This proves to me that Bitcoin definitely could become a useful currency, but
for this to happen it will have to become more stable. Until that happens, it
will remain a highly speculative commodity with a neverending cycle of bubble
and crash.

------
LukeHoersten
I think the really interesting topic is whether or not a currency can work
without being at least slightly inflationary. At a specific point, all the
bitcoins will be mined so people will be/are incentivized to hold on to
bitcoins instead of spending them.

Also, there are two general groups of commodities: renewable and nonrenewable.
To be specific, we're talking about a nonrenewable commodity here.

------
smurph
Right now I would say it is a commodity. I think the majority of people
getting into bitcoin right now are doing it either for emotional reasons or
because they have enough disposable income to play with it. I don't think I
could convince my mom or dad to start using bitcoin, or even just a stranger
on the street. It's still just a novelty for nerds.

------
stevewilhelm
Bitcoin is a service for making anonymous transfers of fiat currencies,
typically US dollars, for goods and services.
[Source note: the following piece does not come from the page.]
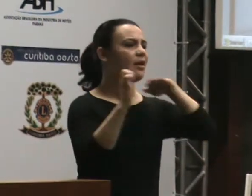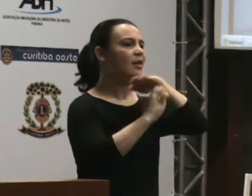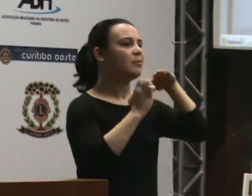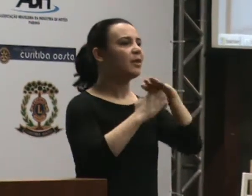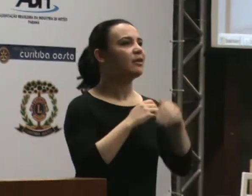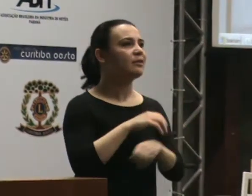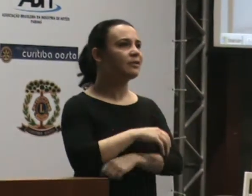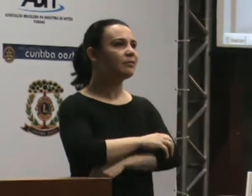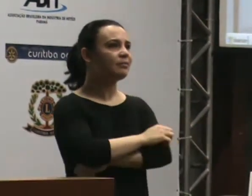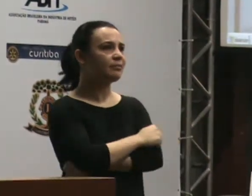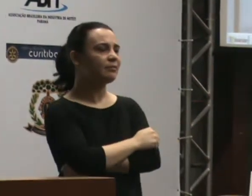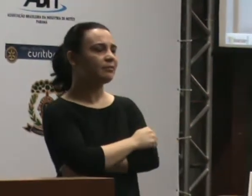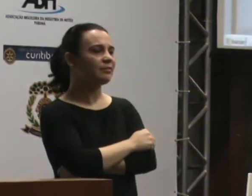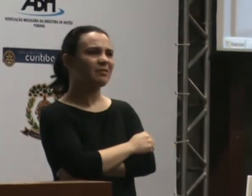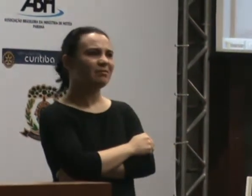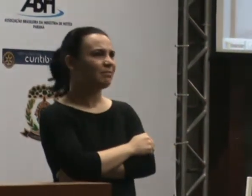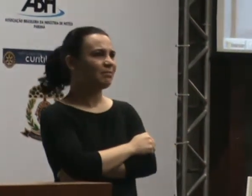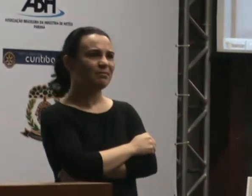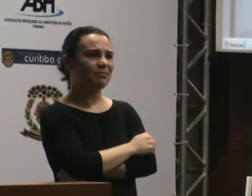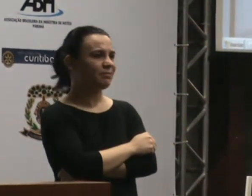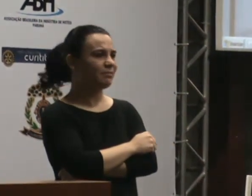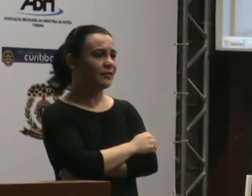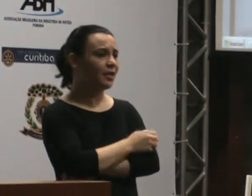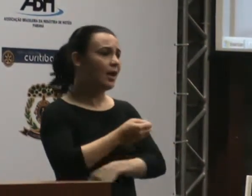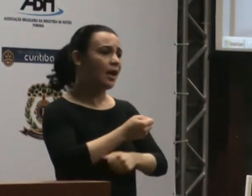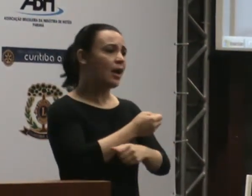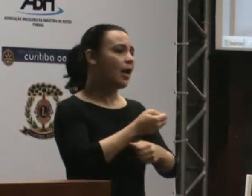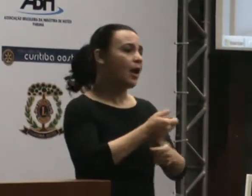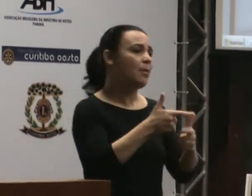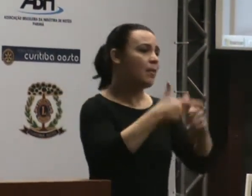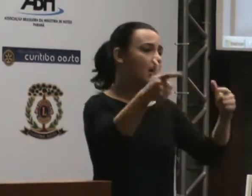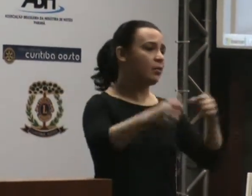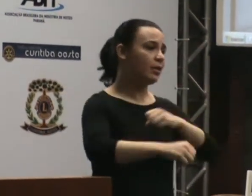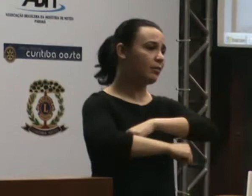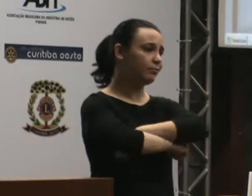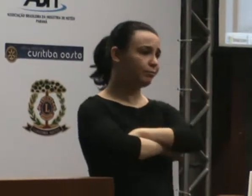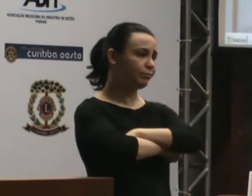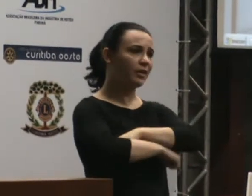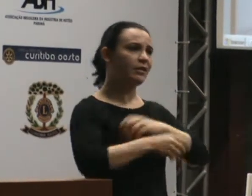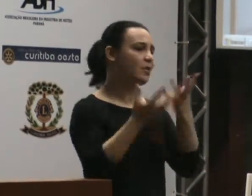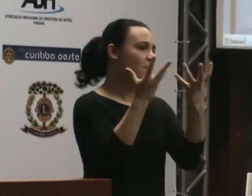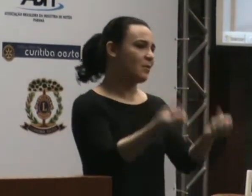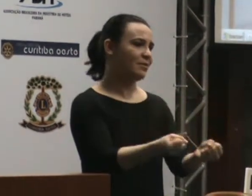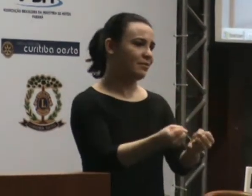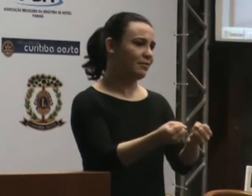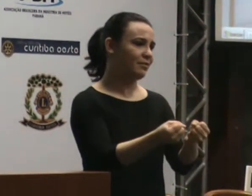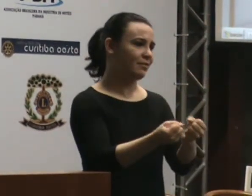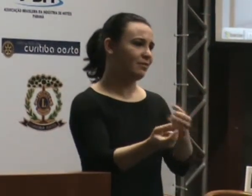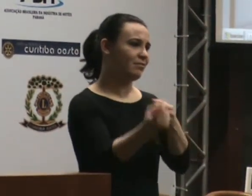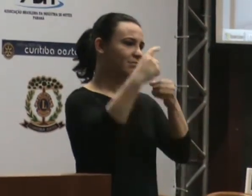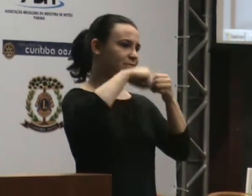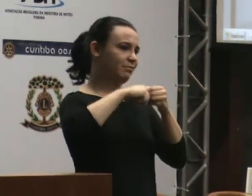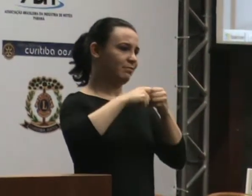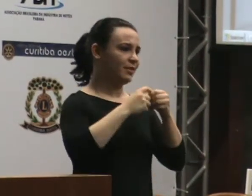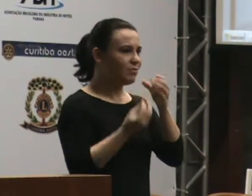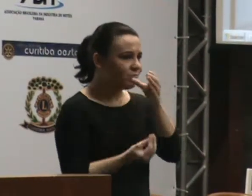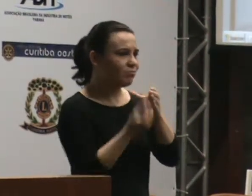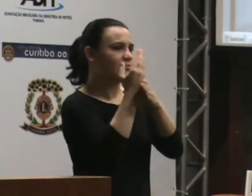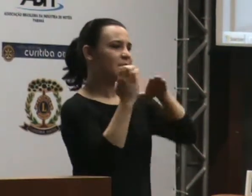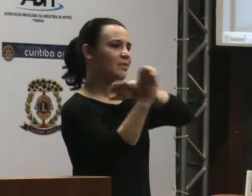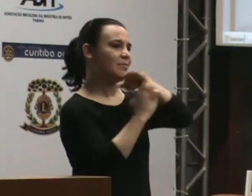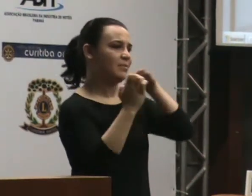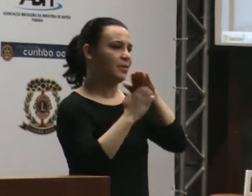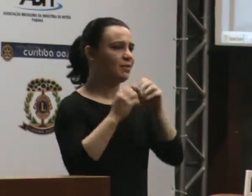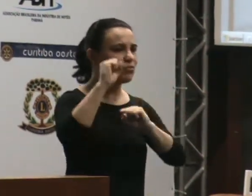Então, hoje, o que nós temos é a universidade. Até esse conceito transpor os muros da universidade como uma
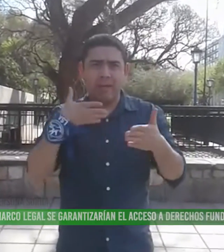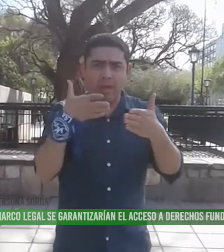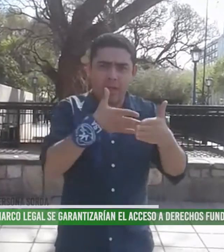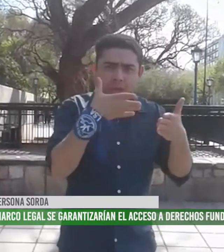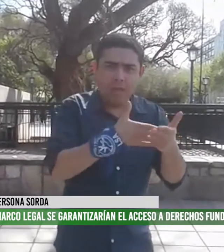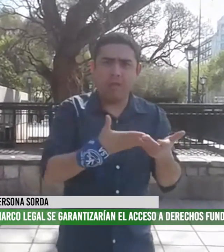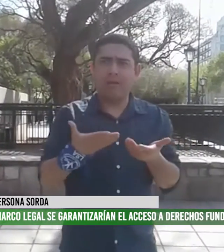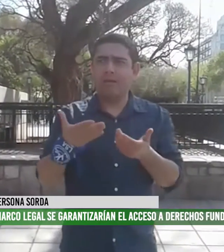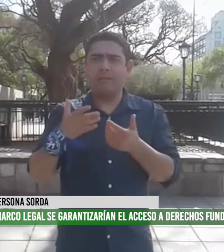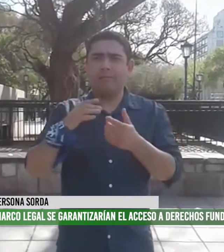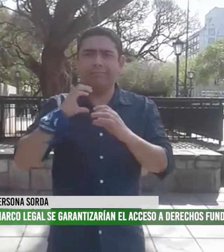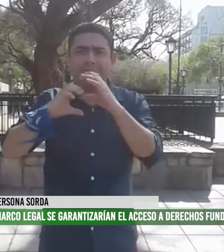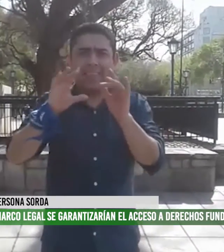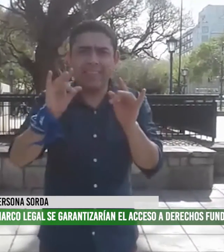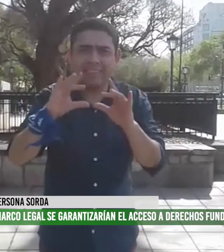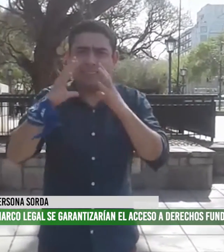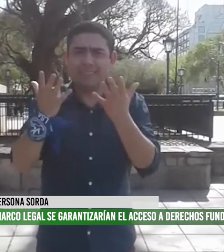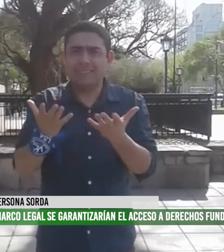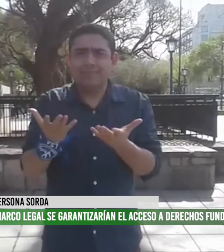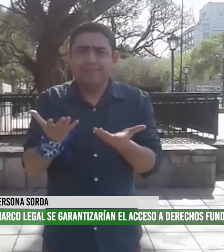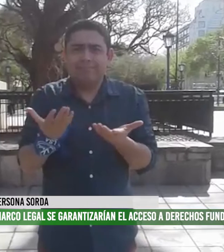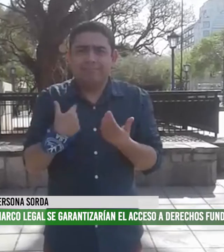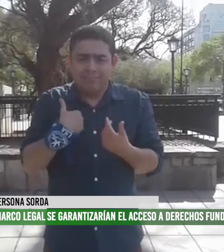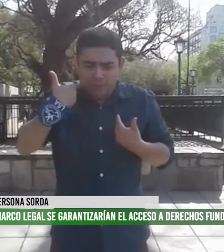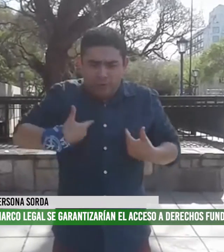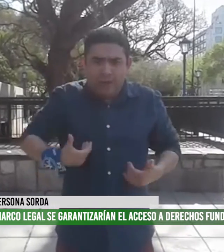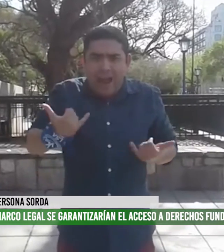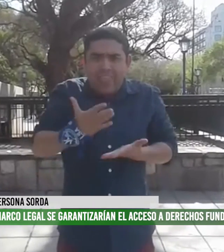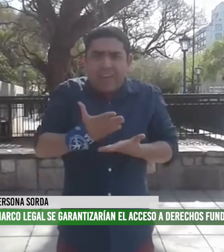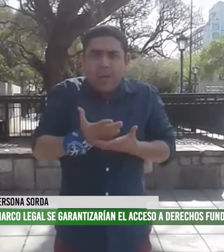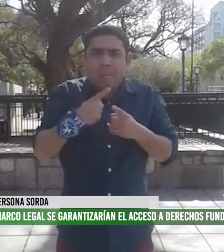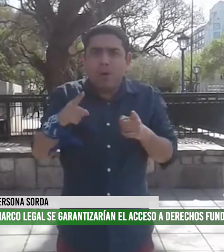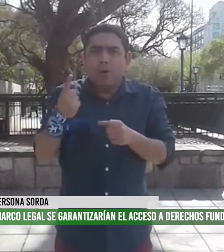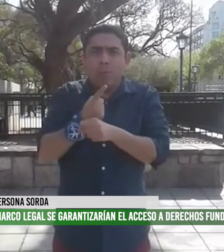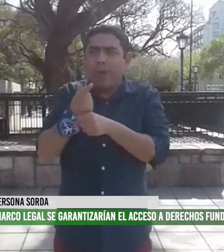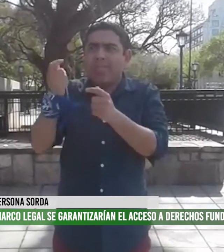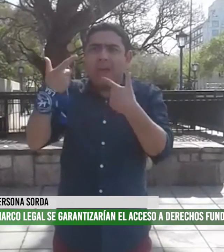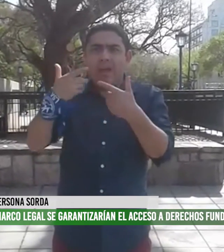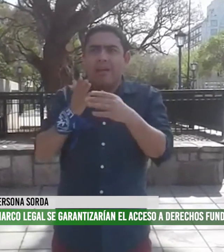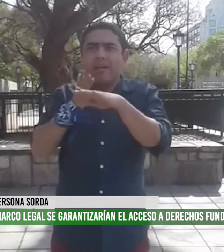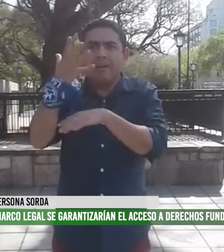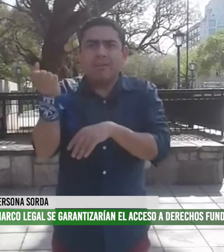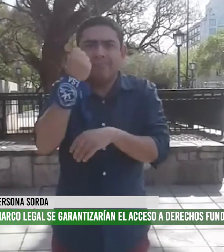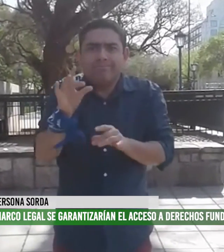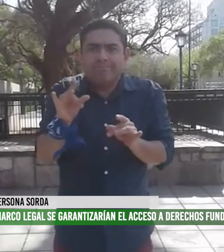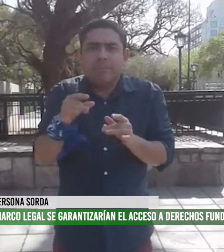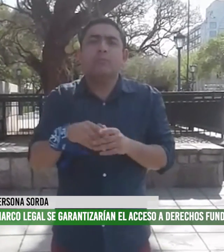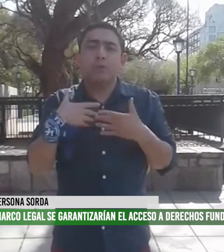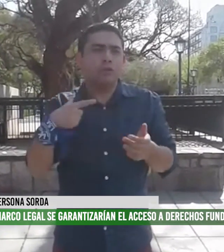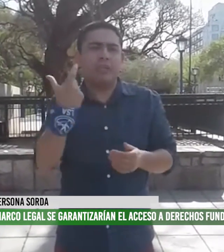no tenemos intérprete, no hay accesibilidad, la comunicación es muy difícil. Yo como persona tengo derecho a tener un intérprete, pero no tenemos

It's ideal for purchasing
illegal or controlled substances.

Recently, it has also become a popular mechanism to make small, relatively
volatile speculative transactions for financial gain.

------
apaprocki
There is a disconnect between what people commonly think a currency is and
what _laws_ state a currency is. Regardless of what people feel like Bitcoin
should be classified as, it will never be classified as a currency in the eyes
of the law written around foreign exchange until it is legal tender in a
recognized nation. If that ever happens, then the entire existing body of laws
written over decades revolving around the FX market will formally apply.

------
Piskvorrr
Being protected by law doesn't help it any - many currencies have failed
despite such protections. The volatility is the real issue; as long as the
value fluctuates wildly, it won't be useful as currency (and vice versa!).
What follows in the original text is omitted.